> _What is required_:
In the copy, keep every record exact and leave out all images.

Provided material Start Marker

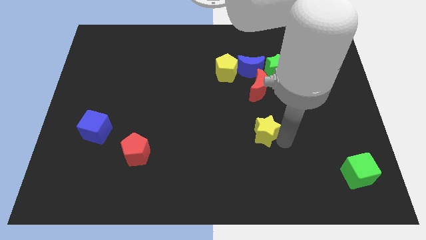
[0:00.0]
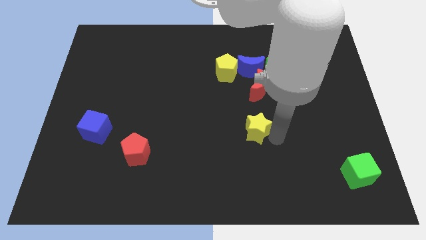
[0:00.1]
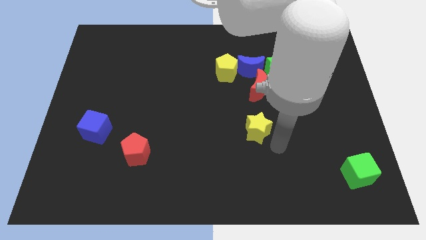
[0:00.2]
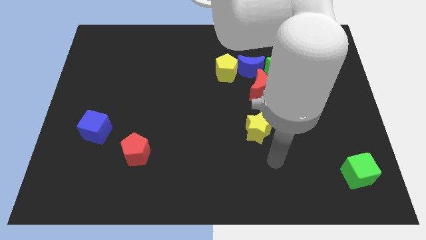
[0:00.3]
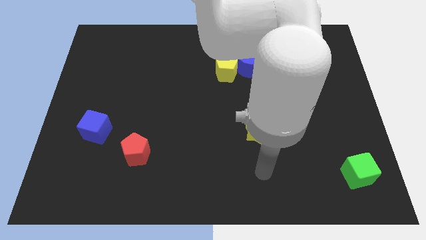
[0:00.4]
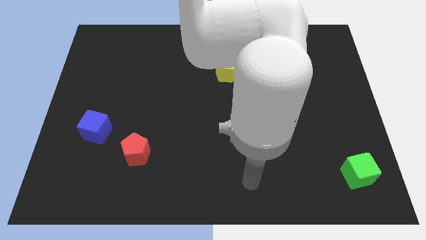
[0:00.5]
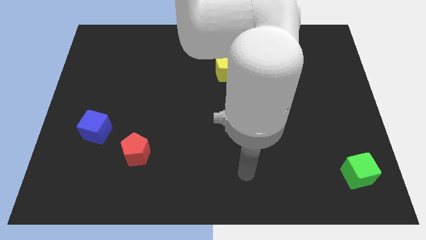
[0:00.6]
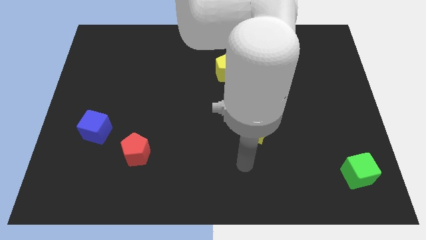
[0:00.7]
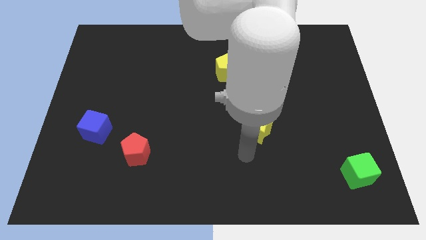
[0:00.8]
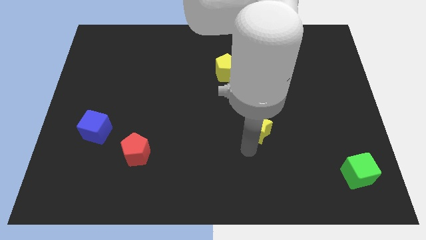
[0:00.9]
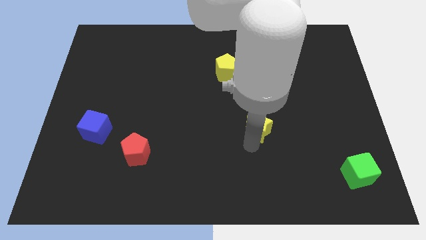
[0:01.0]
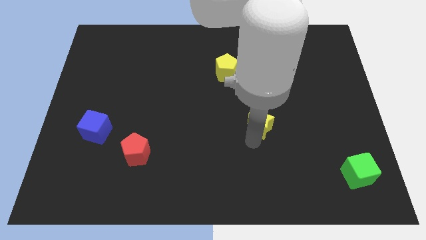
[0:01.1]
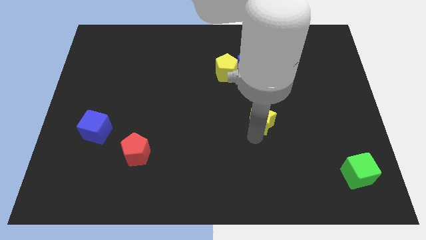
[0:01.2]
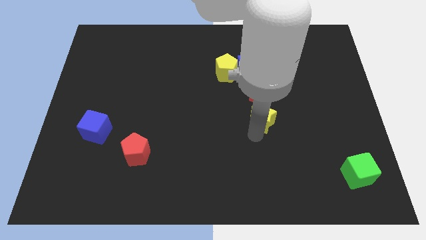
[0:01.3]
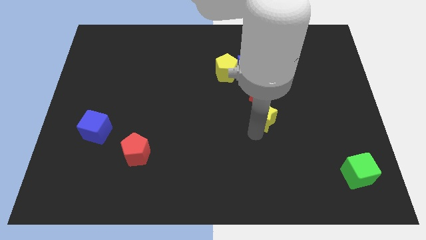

Provided material End Marker

> _Expected output_:
[0:00.0]
[0:00.1]
[0:00.2]
[0:00.3]
[0:00.4]
[0:00.5]
[0:00.6]
[0:00.7]
[0:00.8]
[0:00.9]
[0:01.0]
[0:01.1]
[0:01.2]
[0:01.3]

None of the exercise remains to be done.